Imagine how awful that would be.

> ~2000 charges of ~20 years

And that makes me wonder. Maybe that would be too harsh a sentence then. Do we want to basically "end" someone's life at an insane cost to the tax payer for something with no impact on others other than financial? I have no answer, it just feels somewhat suboptimal to me.



I mean, yes.

If you steal a billion dollars from a whole bunch of middle class folks, you are, in aggregate "ending" a whole lot of life in small amounts distributed across many people.


Are you ending their lives in a comparable way though? Especially if there are ways to get back what you stole as it is often the case?

I just feel like the aggregate punishment does not at all fit the crime in a case like this.


Often, yes.

A problem with money is that it abstracts away harm so that a person stops thinking like it's so bad to take money away from people because it's just money, when in fact you're actually taking away the things people can do with that money.

Did zero people end up homeless as a result of this fraud? Did zero people lose a job? Did zero people turn to crime to get by? Did zero people get pushed over the edge to suicide? How many years of life were lost due to stress or more difficult life situations? To depression? To hunger?

I doubt any of those numbers are zero. The stories are just hidden behind the abstraction of money.

Crypto companies preying on gullible people more vulnerable to the loss of large sums of money and then losing their money due to management incompetence and fraud are indeed responsible for a lot of real world harm.


That's a good point.
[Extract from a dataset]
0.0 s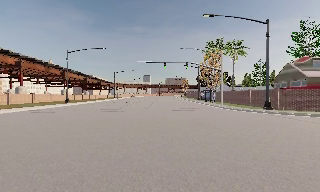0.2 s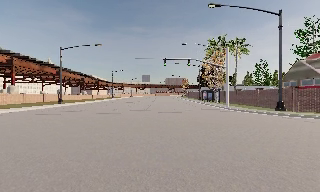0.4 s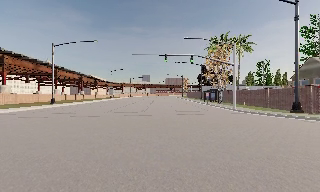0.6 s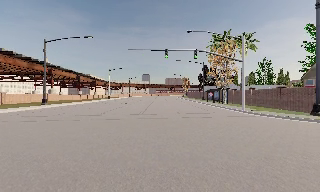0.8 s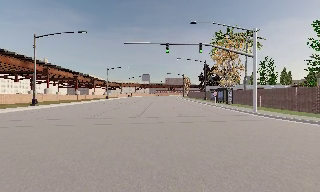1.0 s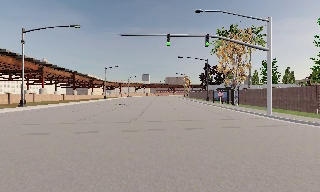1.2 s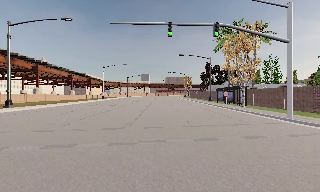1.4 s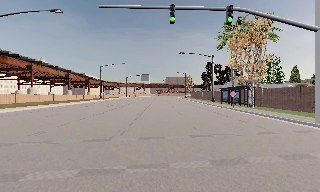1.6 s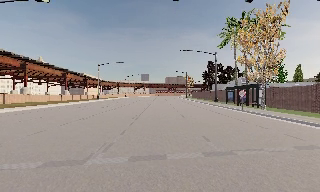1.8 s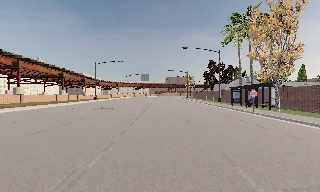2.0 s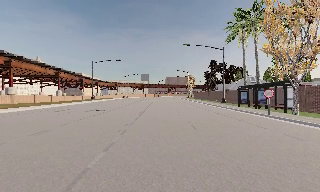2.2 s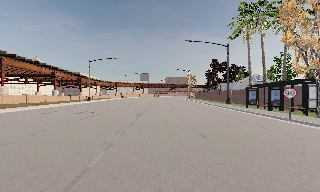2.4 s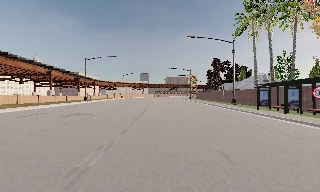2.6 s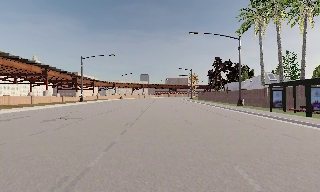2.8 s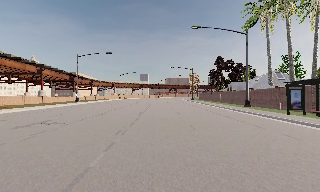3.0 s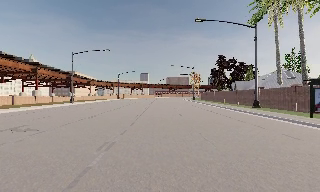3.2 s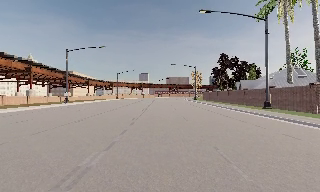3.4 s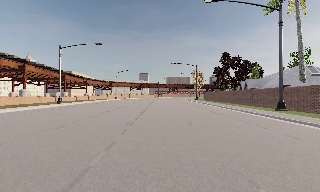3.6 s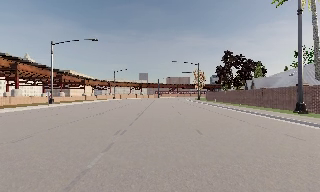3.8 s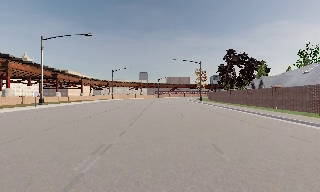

I hope the punishment was in fact based on actual real world impacts (of having stolen that money) that you described and not simply based on some monetary amount multiplied by number of occurrences.


It's just what prosecutors are accusing and the sentence attached in their proposal. A new charge for each of the people affected, which was a couple thousand apparently. One doesn't have to read all that much into the wishlist of prosecutors. Throwing a lot at the wall and seeing what sticks is a pretty standard practice.

But what we have here is essentially somebody leading a bank taking all the money left after losing a bunch of it to hacks and running away with it. Whatever it was, it was an enormous amount of money and not the kind of thing anyone needs to be particularly forgiving about.

Life in prison for stealing between $20MM and $125MM from customers isn't out of the question. (on top of the fraud that lost them the rest of their money)


On the positive side, punishment in 2022 completely removes the risk of impalement[0].